[Given data]

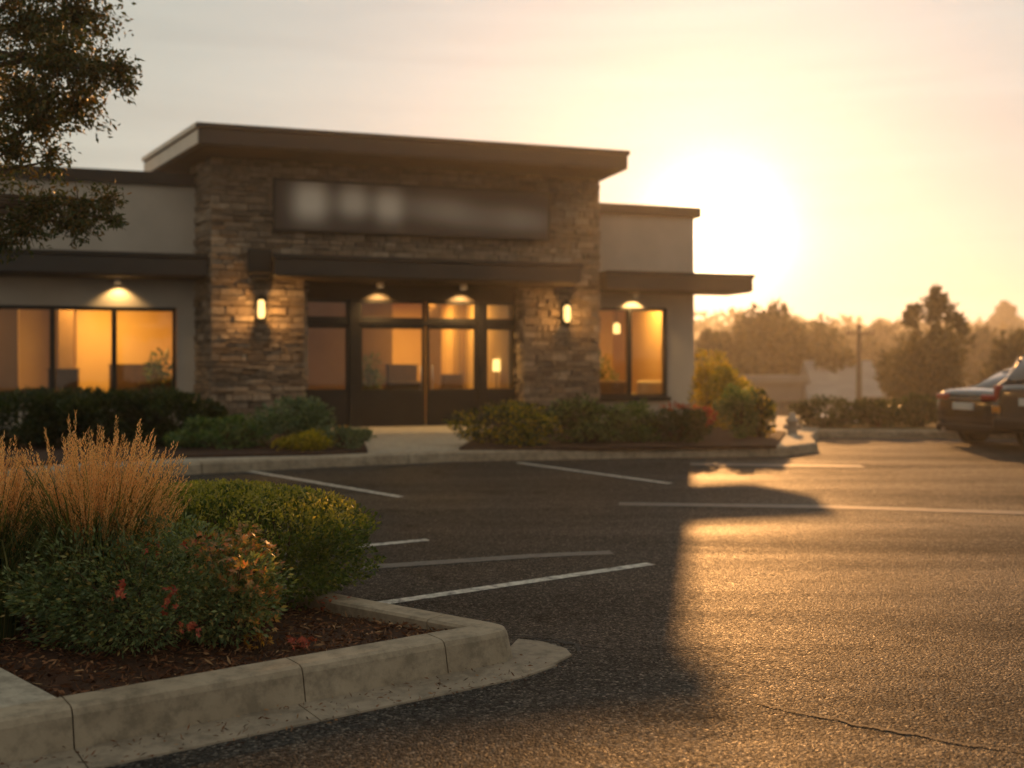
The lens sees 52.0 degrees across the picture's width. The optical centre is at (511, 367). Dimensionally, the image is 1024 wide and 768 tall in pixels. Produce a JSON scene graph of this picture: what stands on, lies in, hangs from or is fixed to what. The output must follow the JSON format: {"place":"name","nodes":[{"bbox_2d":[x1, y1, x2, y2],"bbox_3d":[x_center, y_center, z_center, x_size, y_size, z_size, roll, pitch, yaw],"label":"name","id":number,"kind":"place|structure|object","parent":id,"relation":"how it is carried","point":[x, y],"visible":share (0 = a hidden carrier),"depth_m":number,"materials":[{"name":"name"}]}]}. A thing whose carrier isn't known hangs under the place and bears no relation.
{"place":"outdoors","nodes":[
{"label":"outdoors","id":0,"kind":"place"},
{"bbox_2d":[0,668,56,707],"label":"sidewalk","id":1,"kind":"structure","parent":0,"point":[15,690],"depth_m":4.08,"materials":[{"name":"concrete"}]},
{"bbox_2d":[0,430,64,642],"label":"feather grass","id":2,"kind":"object","parent":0,"point":[8,626],"depth_m":5.03,"materials":[{"name":"plant"}]},
{"bbox_2d":[0,578,448,697],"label":"mulch bed","id":3,"kind":"object","parent":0,"point":[132,663],"visible":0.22,"depth_m":4.82,"materials":[{"name":"brown wood"}]},
{"bbox_2d":[0,0,144,264],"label":"street tree","id":4,"kind":"object","parent":3,"relation":"on","point":[33,102],"visible":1,"depth_m":7.93,"materials":[{"name":"green plant"}]},
{"bbox_2d":[0,410,206,640],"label":"feather grass","id":5,"kind":"object","parent":3,"relation":"on","point":[119,513],"depth_m":5.07,"materials":[{"name":"plant"}]},
{"bbox_2d":[0,506,298,658],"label":"shrub","id":6,"kind":"object","parent":3,"relation":"on","point":[137,629],"visible":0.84,"depth_m":4.86,"materials":[{"name":"green plant"}]},
{"bbox_2d":[142,522,287,649],"bbox_3d":[-1.383,1.045,4.982,0.689,0.620,0.656,0,0,-37],"label":"orange shrub","id":7,"kind":"object","parent":3,"relation":"on","point":[253,617],"visible":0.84,"depth_m":4.89,"materials":[{"name":"green plant"}]},
{"bbox_2d":[101,478,386,610],"bbox_3d":[-1.700,1.021,6.211,1.900,0.680,1.333,0,0,38],"label":"boxwood hedge","id":8,"kind":"object","parent":3,"relation":"on","point":[309,510],"visible":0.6,"depth_m":5.80,"materials":[{"name":"green plant"}]},
{"bbox_2d":[244,631,277,649],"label":"seedling","id":9,"kind":"object","parent":3,"relation":"on","point":[262,641],"visible":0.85,"depth_m":4.97,"materials":[{"name":"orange plant"}]},
{"bbox_2d":[285,635,316,650],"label":"seedling","id":10,"kind":"object","parent":3,"relation":"on","point":[302,640],"visible":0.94,"depth_m":4.92,"materials":[{"name":"red plant"}]},
{"bbox_2d":[318,595,350,610],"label":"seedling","id":11,"kind":"object","parent":3,"relation":"on","point":[330,600],"visible":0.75,"depth_m":5.73,"materials":[{"name":"green plant"}]},
{"bbox_2d":[4,416,804,471],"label":"pavement","id":12,"kind":"structure","parent":0,"point":[387,439],"depth_m":18.41,"materials":[{"name":"concrete"}]},
{"bbox_2d":[0,428,367,467],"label":"mulch bed","id":13,"kind":"object","parent":12,"relation":"on","point":[254,451],"visible":0.41,"depth_m":15.57,"materials":[{"name":"brown soil"}]},
{"bbox_2d":[0,384,76,448],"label":"shrub","id":14,"kind":"object","parent":13,"relation":"on","point":[37,403],"visible":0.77,"depth_m":16.23,"materials":[{"name":"green plant"}]},
{"bbox_2d":[43,385,149,445],"bbox_3d":[-6.612,0.800,16.775,1.639,1.037,1.995,0,0,0],"label":"shrub","id":15,"kind":"object","parent":13,"relation":"on","point":[93,408],"visible":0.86,"depth_m":16.33,"materials":[{"name":"green plant"}]},
{"bbox_2d":[116,382,232,446],"bbox_3d":[-5.529,0.777,16.970,1.869,1.082,1.688,0,0,27],"label":"shrub","id":16,"kind":"object","parent":13,"relation":"on","point":[159,408],"visible":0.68,"depth_m":16.60,"materials":[{"name":"green plant"}]},
{"bbox_2d":[161,413,277,449],"bbox_3d":[-4.548,0.995,16.324,1.740,0.621,1.439,0,0,-35],"label":"shrub","id":17,"kind":"object","parent":13,"relation":"on","point":[209,435],"visible":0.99,"depth_m":16.20,"materials":[{"name":"green plant"}]},
{"bbox_2d":[243,393,336,443],"bbox_3d":[-3.564,0.850,16.825,1.531,0.909,1.547,0,0,-38],"label":"shrub","id":18,"kind":"object","parent":13,"relation":"on","point":[305,414],"visible":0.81,"depth_m":16.59,"materials":[{"name":"green plant"}]},
{"bbox_2d":[271,428,335,451],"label":"shrub","id":19,"kind":"object","parent":13,"relation":"on","point":[296,442],"visible":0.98,"depth_m":15.74,"materials":[{"name":"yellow plant"}]},
{"bbox_2d":[325,425,376,449],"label":"shrub","id":20,"kind":"object","parent":13,"relation":"on","point":[360,434],"visible":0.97,"depth_m":16.17,"materials":[{"name":"green plant"}]},
{"bbox_2d":[0,122,754,430],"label":"storefront building","id":21,"kind":"structure","parent":12,"relation":"on","point":[198,217],"depth_m":22.44,"materials":[{"name":"stone"}]},
{"bbox_2d":[47,368,79,391],"bbox_3d":[-9.968,0.645,23.355,0.640,1.250,0.460,0,0,-17],"label":"table","id":22,"kind":"object","parent":21,"relation":"on","point":[66,378],"visible":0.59,"depth_m":23.17,"materials":[{"name":"brown wood"}]},
{"bbox_2d":[0,305,175,398],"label":"window","id":23,"kind":"structure","parent":21,"relation":"in","point":[52,309],"depth_m":21.57,"materials":[{"name":"brown metal"}]},
{"bbox_2d":[108,364,163,390],"bbox_3d":[-8.983,0.595,25.128,1.240,1.350,0.510,0,0,-17],"label":"table","id":24,"kind":"object","parent":21,"relation":"on","point":[129,376],"visible":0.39,"depth_m":24.86,"materials":[{"name":"brown wood"}]},
{"bbox_2d":[137,382,171,391],"bbox_3d":[-7.857,0.795,23.049,0.850,0.950,0.850,0,0,-27],"label":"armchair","id":25,"kind":"object","parent":21,"relation":"on","point":[140,385],"visible":0.08,"depth_m":22.62,"materials":[{"name":"brown fabric"}]},
{"bbox_2d":[141,347,171,391],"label":"potted plant","id":26,"kind":"object","parent":21,"relation":"on","point":[156,367],"visible":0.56,"depth_m":22.79,"materials":[{"name":"green plant"}]},
{"bbox_2d":[248,249,271,279],"bbox_3d":[-5.110,-2.088,21.288,0.496,0.600,0.365,0,0,-17],"label":"wall box","id":27,"kind":"object","parent":21,"relation":"attached to","point":[259,264],"visible":1,"depth_m":21.13,"materials":[{"name":"black plastic"}]},
{"bbox_2d":[255,294,267,321],"bbox_3d":[-5.091,-1.209,21.310,0.250,0.574,0.315,0,0,-17],"label":"wall lantern","id":28,"kind":"object","parent":21,"relation":"attached to","point":[260,298],"depth_m":21.22,"materials":[{"name":"white glass"}]},
{"bbox_2d":[362,351,386,388],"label":"potted plant","id":29,"kind":"object","parent":21,"relation":"on","point":[374,374],"visible":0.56,"depth_m":24.15,"materials":[{"name":"green plant"}]},
{"bbox_2d":[359,325,424,426],"bbox_3d":[-2.587,0.180,22.733,1.450,2.179,0.148,0,0,-17],"label":"door","id":30,"kind":"structure","parent":21,"relation":"in","point":[377,407],"depth_m":22.72,"materials":[{"name":"brown metal"}]},
{"bbox_2d":[384,364,417,388],"bbox_3d":[-2.794,0.595,26.532,0.790,1.350,0.410,0,0,-17],"label":"table","id":31,"kind":"object","parent":21,"relation":"on","point":[399,373],"visible":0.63,"depth_m":26.34,"materials":[{"name":"brown wood"}]},
{"bbox_2d":[273,177,549,241],"bbox_3d":[-2.026,-3.329,22.338,5.982,1.087,0.135,0,0,-17],"label":"shop sign","id":32,"kind":"object","parent":21,"relation":"attached to","point":[335,207],"visible":1,"depth_m":22.24,"materials":[{"name":"brown metal"}]},
{"bbox_2d":[426,326,476,425],"bbox_3d":[-1.320,0.180,23.127,1.152,2.179,0.148,0,0,-17],"label":"door","id":33,"kind":"structure","parent":21,"relation":"in","point":[440,403],"depth_m":23.09,"materials":[{"name":"brown metal"}]},
{"bbox_2d":[440,374,463,388],"bbox_3d":[-1.541,0.720,26.818,0.540,1.100,0.410,0,0,-17],"label":"table","id":34,"kind":"object","parent":21,"relation":"on","point":[451,381],"visible":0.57,"depth_m":26.64,"materials":[{"name":"brown wood"}]},
{"bbox_2d":[492,359,499,388],"bbox_3d":[-0.358,0.538,24.468,0.240,1.463,0.234,0,0,-17],"label":"floor lamp","id":35,"kind":"object","parent":21,"relation":"on","point":[496,365],"visible":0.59,"depth_m":24.39,"materials":[{"name":"yellow metal"}]},
{"bbox_2d":[561,300,572,324],"bbox_3d":[1.208,-1.217,23.272,0.250,0.574,0.315,0,0,-17],"label":"wall lantern","id":36,"kind":"object","parent":21,"relation":"attached to","point":[565,311],"depth_m":23.19,"materials":[{"name":"white glass"}]},
{"bbox_2d":[597,351,619,380],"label":"potted plant","id":37,"kind":"object","parent":21,"relation":"on","point":[603,374],"visible":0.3,"depth_m":27.44,"materials":[{"name":"green plant"}]},
{"bbox_2d":[613,311,619,333],"bbox_3d":[2.582,-1.326,25.907,0.170,0.988,0.170,0,0,-17],"label":"pendant lamp","id":38,"kind":"object","parent":21,"relation":"hanging from","point":[616,327],"visible":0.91,"depth_m":25.85,"materials":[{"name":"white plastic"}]},
{"bbox_2d":[599,307,670,401],"bbox_3d":[2.759,-0.310,24.810,2.086,2.212,0.240,0,0,-17],"label":"window","id":39,"kind":"structure","parent":21,"relation":"in","point":[628,396],"depth_m":24.80,"materials":[{"name":"brown metal"}]},
{"bbox_2d":[632,380,661,393],"bbox_3d":[3.491,0.795,26.269,1.150,0.950,0.850,0,0,-17],"label":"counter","id":40,"kind":"object","parent":21,"relation":"on","point":[648,386],"visible":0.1,"depth_m":25.80,"materials":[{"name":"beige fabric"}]},
{"bbox_2d":[459,421,785,450],"bbox_3d":[2.265,1.272,20.495,6.170,0.055,8.556,0,0,0],"label":"mulch bed","id":41,"kind":"object","parent":12,"relation":"on","point":[719,438],"visible":0.5,"depth_m":16.98,"materials":[{"name":"brown soil"}]},
{"bbox_2d":[443,399,563,446],"bbox_3d":[-0.082,0.899,17.064,1.921,0.815,1.481,0,0,37],"label":"shrub","id":42,"kind":"object","parent":41,"relation":"on","point":[528,433],"visible":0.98,"depth_m":16.84,"materials":[{"name":"green plant"}]},
{"bbox_2d":[542,393,625,442],"bbox_3d":[1.169,0.848,17.395,1.416,0.896,1.410,0,0,0],"label":"shrub","id":43,"kind":"object","parent":41,"relation":"on","point":[566,412],"visible":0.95,"depth_m":17.26,"materials":[{"name":"green plant"}]},
{"bbox_2d":[605,398,661,441],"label":"shrub","id":44,"kind":"object","parent":41,"relation":"on","point":[634,409],"visible":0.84,"depth_m":17.51,"materials":[{"name":"green plant"}]},
{"bbox_2d":[639,401,717,442],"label":"shrub","id":45,"kind":"object","parent":41,"relation":"on","point":[695,424],"visible":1,"depth_m":17.43,"materials":[{"name":"green plant"}]},
{"bbox_2d":[687,348,729,426],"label":"shrub","id":46,"kind":"object","parent":41,"relation":"on","point":[703,375],"visible":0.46,"depth_m":21.93,"materials":[{"name":"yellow plant"}]},
{"bbox_2d":[705,362,754,429],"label":"shrub","id":47,"kind":"object","parent":41,"relation":"on","point":[723,379],"visible":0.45,"depth_m":21.02,"materials":[{"name":"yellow plant"}]},
{"bbox_2d":[712,383,761,438],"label":"shrub","id":48,"kind":"object","parent":41,"relation":"on","point":[735,401],"visible":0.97,"depth_m":18.48,"materials":[{"name":"green plant"}]},
{"bbox_2d":[737,387,778,436],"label":"shrub","id":49,"kind":"object","parent":41,"relation":"on","point":[767,411],"visible":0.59,"depth_m":18.67,"materials":[{"name":"green plant"}]},
{"bbox_2d":[388,381,421,388],"bbox_3d":[-2.515,0.795,24.713,0.850,0.950,0.850,0,0,-7],"label":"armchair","id":50,"kind":"object","parent":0,"point":[403,384],"visible":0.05,"depth_m":24.30,"materials":[{"name":"brown fabric"}]},
{"bbox_2d":[0,0,1023,327],"label":"sky","id":51,"kind":"structure","parent":0,"point":[855,158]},
{"bbox_2d":[17,438,1023,767],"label":"parking lot","id":52,"kind":"structure","parent":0,"point":[887,618],"depth_m":6.28,"materials":[{"name":"grey asphalt"}]},
{"bbox_2d":[0,697,73,762],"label":"kerb","id":53,"kind":"structure","parent":52,"relation":"on","point":[34,729],"depth_m":3.85,"materials":[{"name":"concrete"}]},
{"bbox_2d":[3,461,201,486],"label":"kerb","id":54,"kind":"structure","parent":52,"relation":"on","point":[194,467],"depth_m":13.94,"materials":[{"name":"concrete"}]},
{"bbox_2d":[62,658,304,749],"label":"kerb","id":55,"kind":"structure","parent":52,"relation":"on","point":[122,712],"depth_m":4.17,"materials":[{"name":"concrete"}]},
{"bbox_2d":[75,704,319,767],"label":"gutter","id":56,"kind":"object","parent":52,"relation":"on","point":[201,737],"visible":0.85,"depth_m":4.04,"materials":[{"name":"concrete"}]},
{"bbox_2d":[0,654,557,767],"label":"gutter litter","id":57,"kind":"object","parent":52,"relation":"on","point":[439,683],"visible":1,"depth_m":4.18,"materials":[{"name":"brown plant"}]},
{"bbox_2d":[198,452,408,473],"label":"kerb","id":58,"kind":"structure","parent":52,"relation":"on","point":[276,463],"depth_m":14.88,"materials":[{"name":"concrete"}]},
{"bbox_2d":[247,471,404,496],"bbox_3d":[-2.436,1.426,13.040,0.110,0.001,3.813,0,0,-40],"label":"parking line","id":59,"kind":"object","parent":52,"relation":"on","point":[381,493],"visible":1,"depth_m":12.80,"materials":[{"name":"paint"}]},
{"bbox_2d":[274,539,428,553],"bbox_3d":[-1.710,1.426,8.082,2.373,0.001,0.100,0,0,-32],"label":"parking line","id":60,"kind":"object","parent":52,"relation":"on","point":[396,542],"visible":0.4,"depth_m":8.56,"materials":[{"name":"paint"}]},
{"bbox_2d":[278,585,444,628],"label":"kerb","id":61,"kind":"structure","parent":52,"relation":"on","point":[355,607],"depth_m":5.58,"materials":[{"name":"concrete"}]},
{"bbox_2d":[287,634,447,701],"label":"kerb","id":62,"kind":"structure","parent":52,"relation":"on","point":[340,671],"depth_m":4.66,"materials":[{"name":"concrete"}]},
{"bbox_2d":[299,655,556,720],"bbox_3d":[-0.330,1.437,4.701,1.263,0.046,0.290,0,0,-38],"label":"gutter","id":63,"kind":"object","parent":52,"relation":"on","point":[422,688],"visible":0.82,"depth_m":4.63,"materials":[{"name":"concrete"}]},
{"bbox_2d":[427,614,512,672],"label":"kerb","id":64,"kind":"structure","parent":52,"relation":"on","point":[469,643],"depth_m":5.01,"materials":[{"name":"concrete"}]},
{"bbox_2d":[351,551,613,569],"bbox_3d":[-0.190,1.426,7.814,2.015,0.001,0.213,0,0,-18],"label":"faded line","id":65,"kind":"object","parent":52,"relation":"on","point":[434,562],"visible":0.88,"depth_m":7.84,"materials":[{"name":"paint"}]},
{"bbox_2d":[404,450,596,463],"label":"kerb","id":66,"kind":"structure","parent":52,"relation":"on","point":[415,457],"depth_m":16.07,"materials":[{"name":"concrete"}]},
{"bbox_2d":[377,562,655,603],"bbox_3d":[0.093,1.426,6.988,2.255,0.001,0.100,0,0,-35],"label":"parking line","id":67,"kind":"object","parent":52,"relation":"on","point":[405,599],"visible":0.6,"depth_m":6.93,"materials":[{"name":"paint"}]},
{"bbox_2d":[510,639,570,672],"bbox_3d":[0.128,1.440,5.196,0.334,0.041,0.617,0,0,0],"label":"gutter apron","id":68,"kind":"object","parent":52,"relation":"on","point":[542,652],"visible":0.69,"depth_m":5.23,"materials":[{"name":"concrete"}]},
{"bbox_2d":[518,462,668,483],"bbox_3d":[1.013,1.426,14.340,0.110,0.001,3.400,0,0,-33],"label":"parking line","id":69,"kind":"object","parent":52,"relation":"on","point":[595,473],"visible":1,"depth_m":14.13,"materials":[{"name":"paint"}]},
{"bbox_2d":[596,448,768,458],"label":"kerb","id":70,"kind":"structure","parent":52,"relation":"on","point":[623,454],"depth_m":16.68,"materials":[{"name":"concrete"}]},
{"bbox_2d":[690,463,864,467],"bbox_3d":[3.849,1.426,15.343,2.457,0.001,0.400,0,0,8],"label":"faded line","id":71,"kind":"object","parent":52,"relation":"on","point":[786,465],"visible":1,"depth_m":15.28,"materials":[{"name":"paint"}]},
{"bbox_2d":[784,412,800,433],"bbox_3d":[5.395,1.145,20.222,0.320,0.570,0.260,0,0,0],"label":"fire hydrant","id":72,"kind":"object","parent":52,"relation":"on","point":[791,426],"visible":0.81,"depth_m":20.16,"materials":[{"name":"metal"}]},
{"bbox_2d":[768,436,818,455],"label":"kerb","id":73,"kind":"structure","parent":52,"relation":"on","point":[807,444],"depth_m":17.37,"materials":[{"name":"concrete"}]},
{"bbox_2d":[797,427,818,440],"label":"kerb","id":74,"kind":"structure","parent":52,"relation":"on","point":[814,434],"depth_m":20.62,"materials":[{"name":"concrete"}]},
{"bbox_2d":[619,502,1023,514],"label":"faded line","id":75,"kind":"object","parent":52,"relation":"on","point":[822,506],"visible":1,"depth_m":10.77,"materials":[{"name":"paint"}]},
{"bbox_2d":[797,429,930,437],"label":"kerb","id":76,"kind":"structure","parent":52,"relation":"on","point":[849,433],"depth_m":21.35,"materials":[{"name":"concrete"}]},
{"bbox_2d":[818,423,936,429],"bbox_3d":[14.876,1.375,22.677,18.247,0.170,3.246,0,0,0],"label":"median","id":77,"kind":"object","parent":52,"relation":"on","point":[932,426],"visible":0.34,"depth_m":22.58,"materials":[{"name":"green plant"}]},
{"bbox_2d":[785,393,863,426],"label":"hedge","id":78,"kind":"object","parent":77,"relation":"on","point":[804,410],"visible":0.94,"depth_m":22.73,"materials":[{"name":"green plant"}]},
{"bbox_2d":[838,396,911,427],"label":"hedge","id":79,"kind":"object","parent":77,"relation":"on","point":[866,410],"visible":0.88,"depth_m":22.76,"materials":[{"name":"green plant"}]},
{"bbox_2d":[883,392,937,426],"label":"hedge","id":80,"kind":"object","parent":77,"relation":"on","point":[926,404],"visible":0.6,"depth_m":22.98,"materials":[{"name":"green plant"}]},
{"bbox_2d":[743,700,1023,752],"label":"asphalt crack","id":81,"kind":"object","parent":52,"relation":"on","point":[888,729],"visible":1,"depth_m":4.13,"materials":[{"name":"black asphalt"}]},
{"bbox_2d":[930,430,1016,438],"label":"kerb","id":82,"kind":"structure","parent":52,"relation":"on","point":[943,435],"depth_m":21.13,"materials":[{"name":"concrete"}]},
{"bbox_2d":[936,368,1014,441],"bbox_3d":[10.496,0.715,19.887,4.776,1.520,2.100,0,0,-17],"label":"sedan","id":83,"kind":"object","parent":52,"relation":"on","point":[967,414],"visible":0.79,"depth_m":19.27,"materials":[{"name":"grey paint"}]},
{"bbox_2d":[992,355,1023,447],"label":"suv","id":84,"kind":"object","parent":52,"relation":"on","point":[1008,409],"visible":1,"depth_m":18.00,"materials":[{"name":"silver metal"}]},
{"bbox_2d":[599,380,625,393],"bbox_3d":[2.473,0.795,26.165,0.850,0.950,0.850,0,0,13],"label":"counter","id":85,"kind":"object","parent":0,"point":[611,387],"visible":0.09,"depth_m":25.74,"materials":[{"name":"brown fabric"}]},
{"bbox_3d":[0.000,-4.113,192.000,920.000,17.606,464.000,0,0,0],"label":"ground","id":86,"kind":"structure","parent":0,"visible":0},
{"bbox_2d":[694,327,767,408],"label":"broadleaf tree","id":87,"kind":"object","parent":86,"relation":"on","point":[736,349],"visible":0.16,"depth_m":55.43,"materials":[{"name":"green plant"}]},
{"bbox_2d":[739,375,807,415],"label":"house","id":88,"kind":"structure","parent":86,"relation":"on","point":[783,391],"depth_m":49.92,"materials":[{"name":"beige"}]},
{"bbox_2d":[779,399,799,415],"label":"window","id":89,"kind":"structure","parent":88,"relation":"in","point":[784,403],"depth_m":49.90,"materials":[{"name":"glass"}]},
{"bbox_2d":[729,297,826,374],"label":"broadleaf tree","id":90,"kind":"object","parent":86,"relation":"on","point":[780,348],"visible":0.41,"depth_m":60.73,"materials":[{"name":"green plant"}]},
{"bbox_2d":[797,313,855,359],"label":"broadleaf tree","id":91,"kind":"object","parent":86,"relation":"on","point":[815,334],"visible":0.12,"depth_m":68.96,"materials":[{"name":"green plant"}]},
{"bbox_2d":[803,384,855,413],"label":"house","id":92,"kind":"structure","parent":86,"relation":"on","point":[846,391],"depth_m":49.23,"materials":[{"name":"beige"}]},
{"bbox_2d":[810,326,855,372],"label":"broadleaf tree","id":93,"kind":"object","parent":86,"relation":"on","point":[834,356],"visible":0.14,"depth_m":57.56,"materials":[{"name":"green plant"}]},
{"bbox_2d":[800,360,885,417],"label":"house","id":94,"kind":"structure","parent":86,"relation":"on","point":[847,375],"depth_m":56.49,"materials":[{"name":"beige"}]},
{"bbox_2d":[832,333,855,359],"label":"broadleaf tree","id":95,"kind":"object","parent":86,"relation":"on","point":[847,342],"depth_m":87.89,"materials":[{"name":"green plant"}]},
{"bbox_2d":[836,324,856,347],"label":"broadleaf tree","id":96,"kind":"object","parent":86,"relation":"on","point":[845,331],"visible":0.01,"depth_m":130.31,"materials":[{"name":"green plant"}]},
{"bbox_2d":[694,306,1023,346],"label":"ridge woodland","id":97,"kind":"object","parent":86,"relation":"on","point":[713,320],"visible":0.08,"depth_m":232.24,"materials":[{"name":"green plant"}]},
{"bbox_2d":[846,324,874,422],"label":"utility pole","id":98,"kind":"object","parent":86,"relation":"on","point":[858,333],"visible":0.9,"depth_m":47.90,"materials":[{"name":"brown wood"}]},
{"bbox_2d":[855,335,895,399],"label":"broadleaf tree","id":99,"kind":"object","parent":86,"relation":"on","point":[870,347],"visible":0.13,"depth_m":90.90,"materials":[{"name":"green plant"}]},
{"bbox_2d":[849,318,906,398],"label":"broadleaf tree","id":100,"kind":"object","parent":86,"relation":"on","point":[883,333],"visible":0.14,"depth_m":118.61,"materials":[{"name":"green plant"}]},
{"bbox_2d":[879,329,917,403],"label":"broadleaf tree","id":101,"kind":"object","parent":86,"relation":"on","point":[894,342],"visible":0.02,"depth_m":99.62,"materials":[{"name":"green plant"}]},
{"bbox_2d":[872,282,977,422],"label":"irregular tree","id":102,"kind":"object","parent":86,"relation":"on","point":[927,363],"visible":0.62,"depth_m":41.61,"materials":[{"name":"green plant"}]},
{"bbox_2d":[953,323,998,386],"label":"broadleaf tree","id":103,"kind":"object","parent":86,"relation":"on","point":[977,355],"visible":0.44,"depth_m":93.16,"materials":[{"name":"green plant"}]},
{"bbox_2d":[968,326,1023,385],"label":"broadleaf tree","id":104,"kind":"object","parent":86,"relation":"on","point":[1007,355],"visible":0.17,"depth_m":45.72,"materials":[{"name":"green plant"}]},
{"bbox_2d":[988,300,1021,339],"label":"broadleaf tree","id":105,"kind":"object","parent":86,"relation":"on","point":[1006,314],"visible":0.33,"depth_m":208.79,"materials":[{"name":"green plant"}]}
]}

[/Given data]

→ What the exercise asks: If a line in the records contains the word "attached", copy it out.

→ Task output:
{"bbox_2d":[248,249,271,279],"bbox_3d":[-5.110,-2.088,21.288,0.496,0.600,0.365,0,0,-17],"label":"wall box","id":27,"kind":"object","parent":21,"relation":"attached to","point":[259,264],"visible":1,"depth_m":21.13,"materials":[{"name":"black plastic"}]},
{"bbox_2d":[255,294,267,321],"bbox_3d":[-5.091,-1.209,21.310,0.250,0.574,0.315,0,0,-17],"label":"wall lantern","id":28,"kind":"object","parent":21,"relation":"attached to","point":[260,298],"depth_m":21.22,"materials":[{"name":"white glass"}]},
{"bbox_2d":[273,177,549,241],"bbox_3d":[-2.026,-3.329,22.338,5.982,1.087,0.135,0,0,-17],"label":"shop sign","id":32,"kind":"object","parent":21,"relation":"attached to","point":[335,207],"visible":1,"depth_m":22.24,"materials":[{"name":"brown metal"}]},
{"bbox_2d":[561,300,572,324],"bbox_3d":[1.208,-1.217,23.272,0.250,0.574,0.315,0,0,-17],"label":"wall lantern","id":36,"kind":"object","parent":21,"relation":"attached to","point":[565,311],"depth_m":23.19,"materials":[{"name":"white glass"}]},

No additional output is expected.